Data records

Start of Block

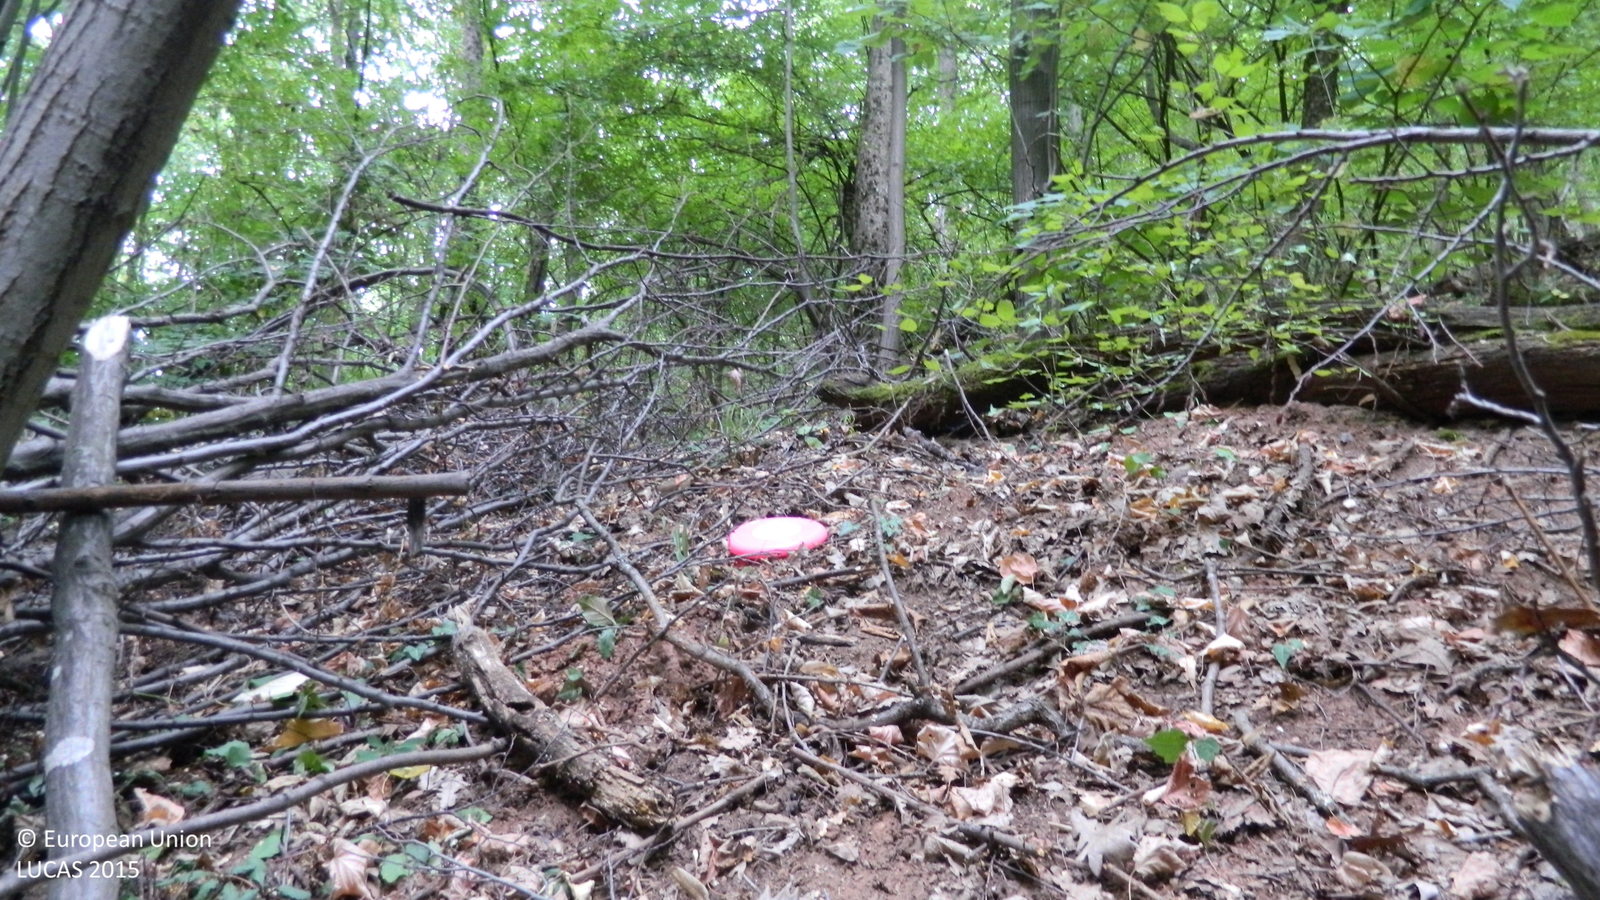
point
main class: Woodland
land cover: Broadleaved woodland
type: mesophytic deciduous forest
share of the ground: > 75 %
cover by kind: broadleaved forest trees 100 %
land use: Forestry
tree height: > 5 m
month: August
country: BG
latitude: 41.7309
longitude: 25.8284
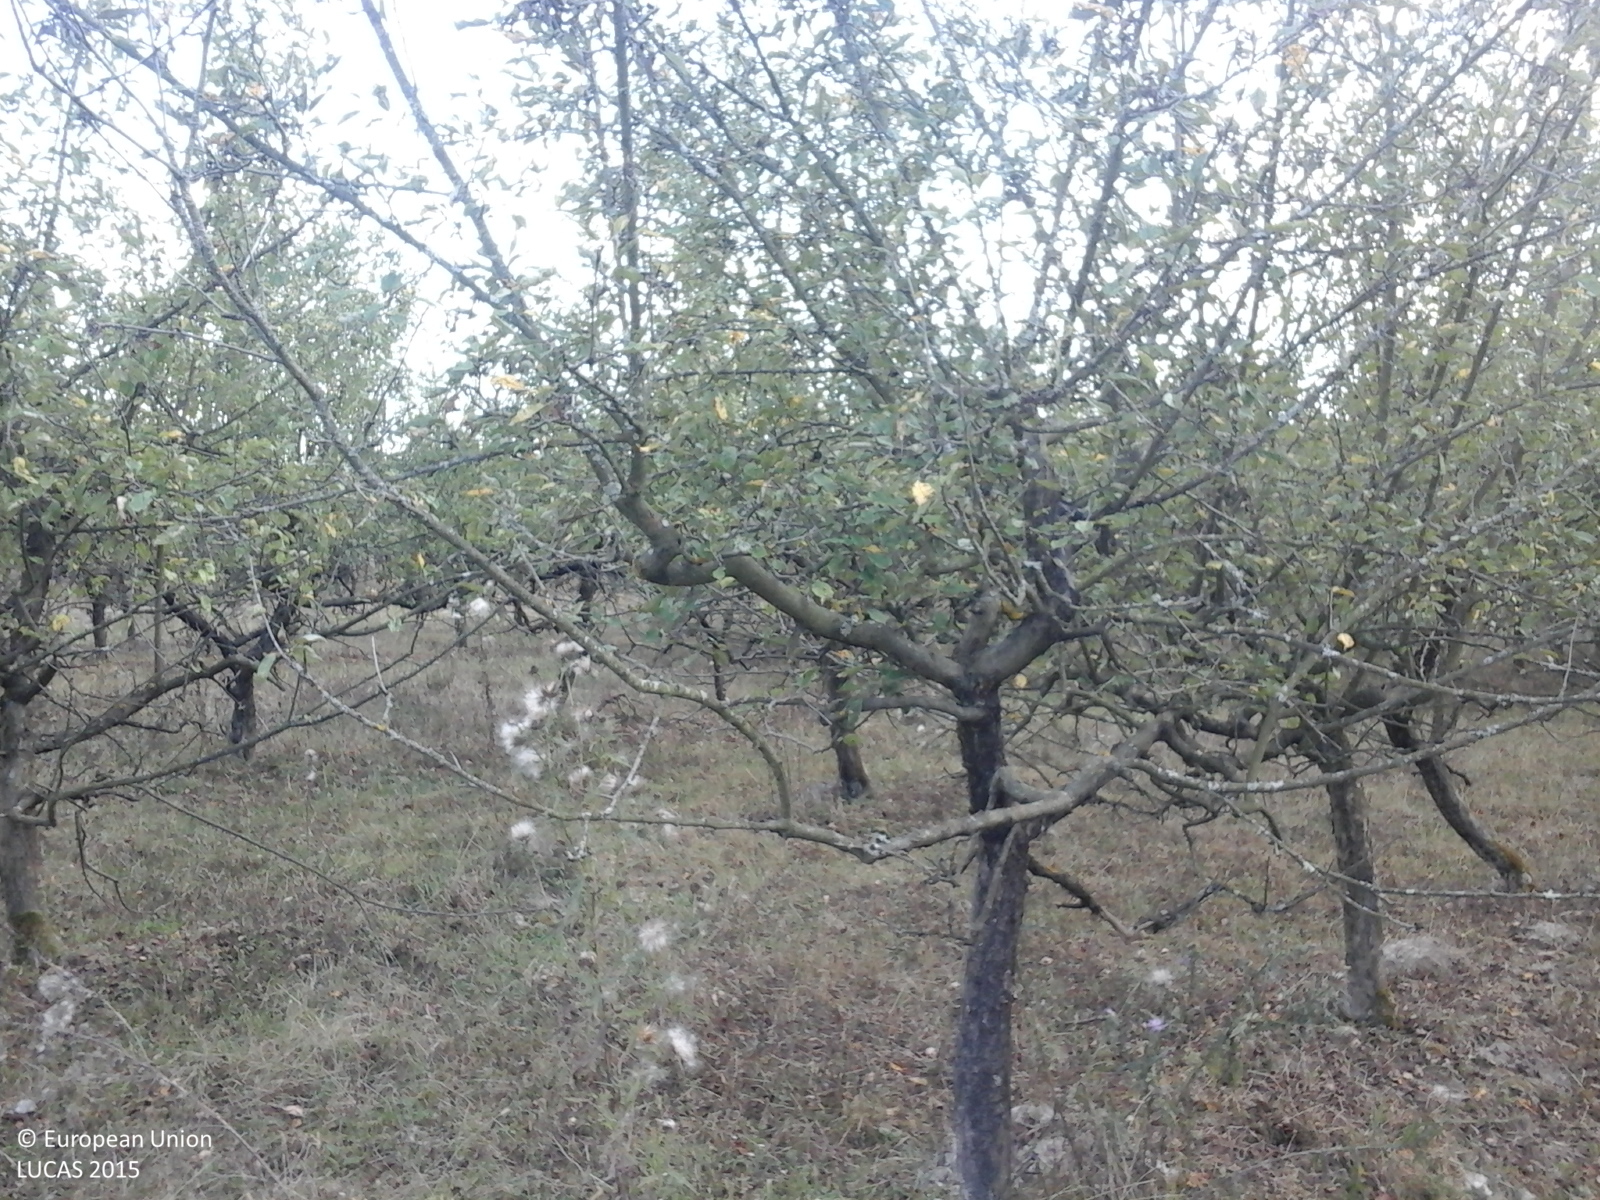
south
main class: Cropland
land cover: Apple fruit
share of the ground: > 75 %
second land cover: Grassland without tree/shrub cover
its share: > 75 %
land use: Agriculture (excluding fallow land and kitchen gardens)
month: September
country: RO
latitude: 47.5228
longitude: 23.4469
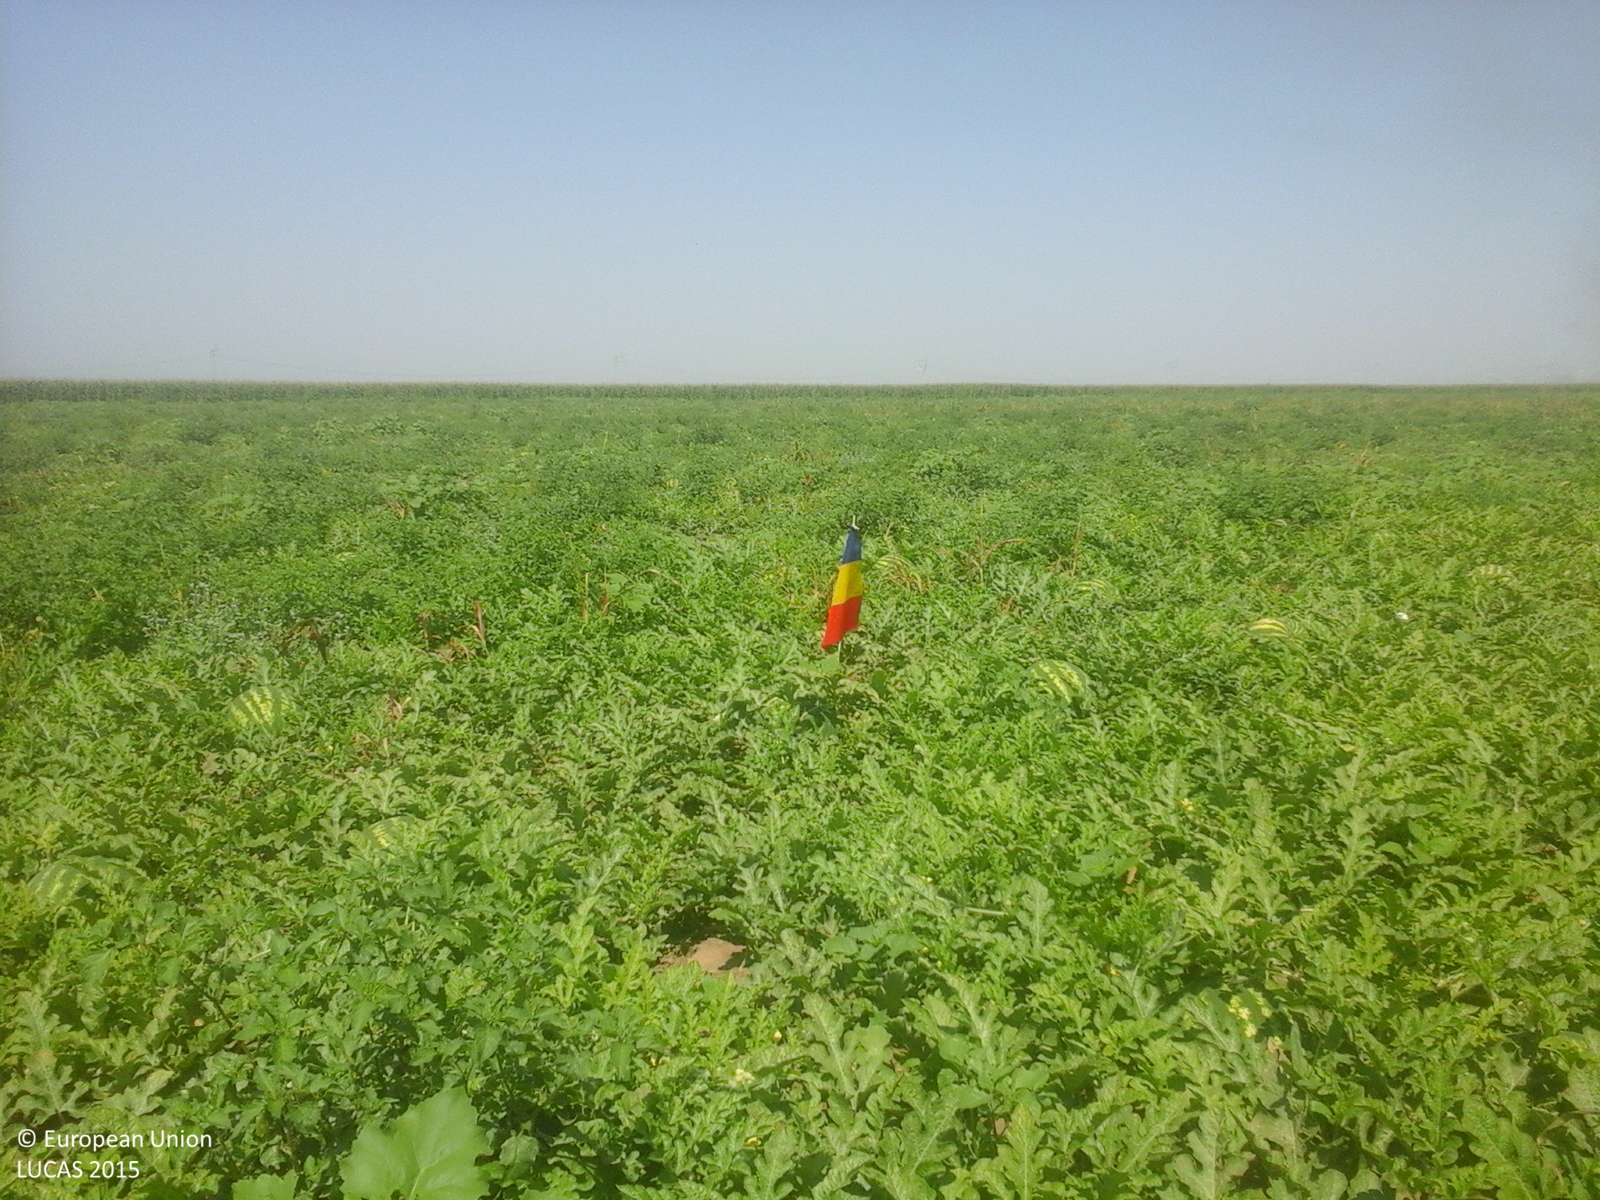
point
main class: Cropland
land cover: Other fresh vegetables
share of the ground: > 75 %
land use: Agriculture (excluding fallow land and kitchen gardens)
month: July
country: RO
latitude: 44.7891
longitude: 27.6826
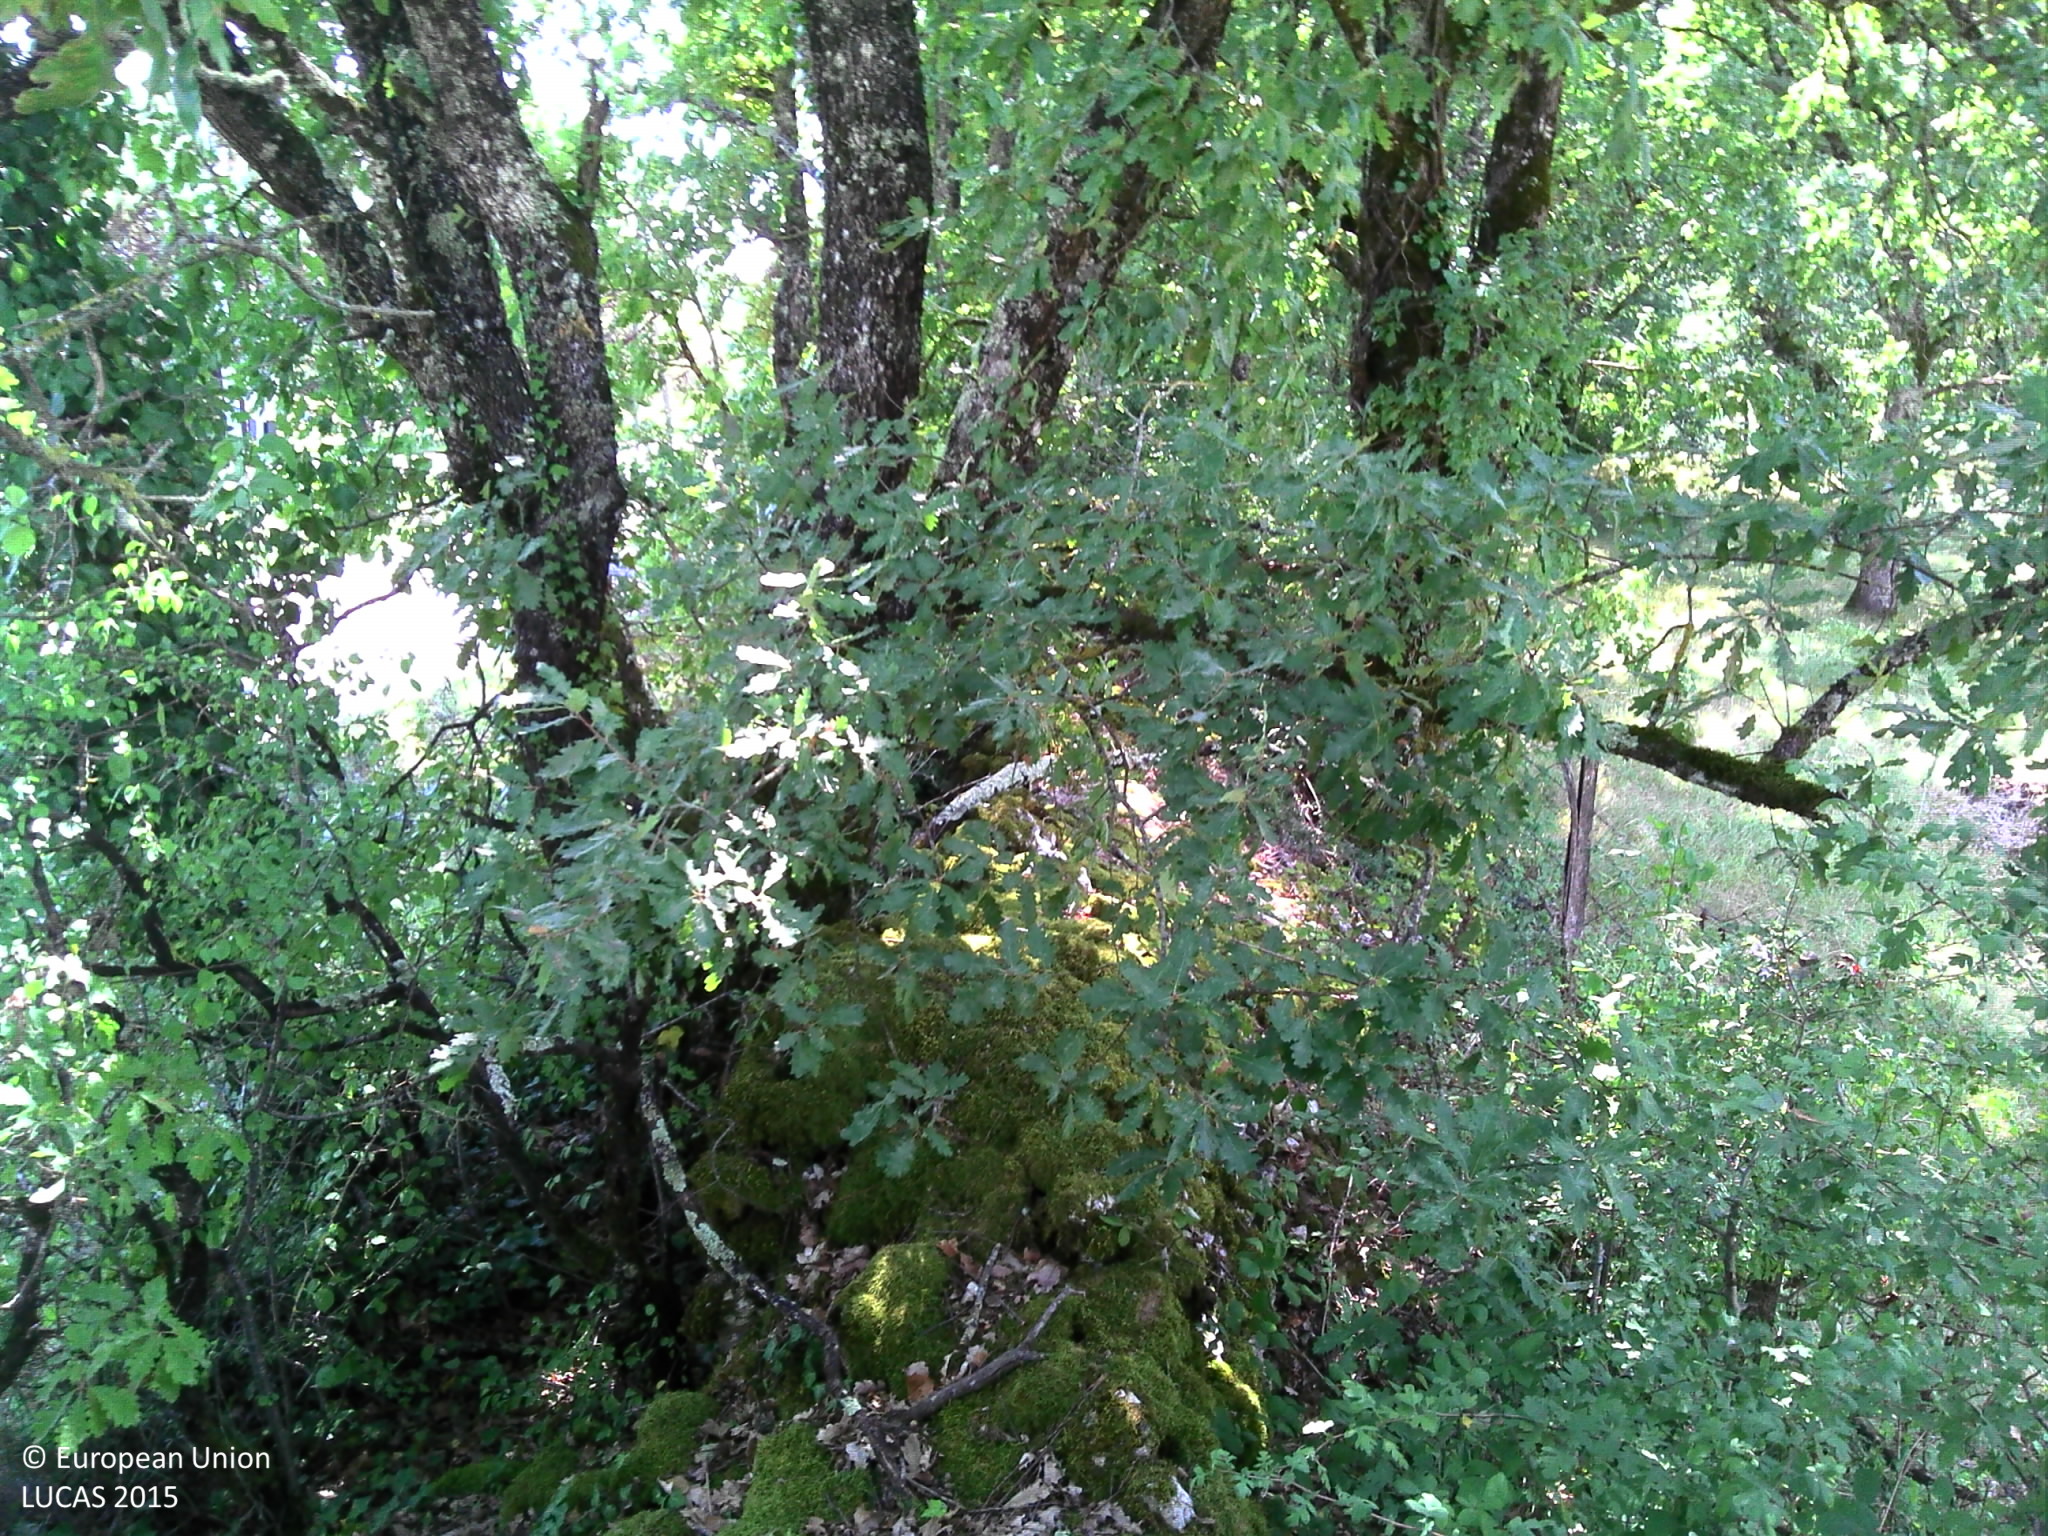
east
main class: Grassland
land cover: Spontaneously vegetated surfaces
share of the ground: 10 - 25 %
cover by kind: consolidated bare surface 75 %, herbaceous plants 25 %
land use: Agriculture (excluding fallow land and kitchen gardens)
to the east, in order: Spontaneously vegetated surfaces; Fences; Abandoned hedges; Ditches and canals; Paved roads, cycling and walking lanes; Electric lines; Ditches and canals; Grassland without tree/shrub cover; Artificial constructions in urban areas; Electric lines; Ditches and canals; Paved roads, cycling and walking lanes; Ditches and canals; Electric lines; Grassland without tree/shrub cover; Broadleaved woodland; Tracks
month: August
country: FR
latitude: 44.2547
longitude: 1.4952

End of Block

Work request
In the entries above, find each line with the word "latitude" and copy it.

Output below
latitude: 41.7309
latitude: 47.5228
latitude: 44.7891
latitude: 44.2547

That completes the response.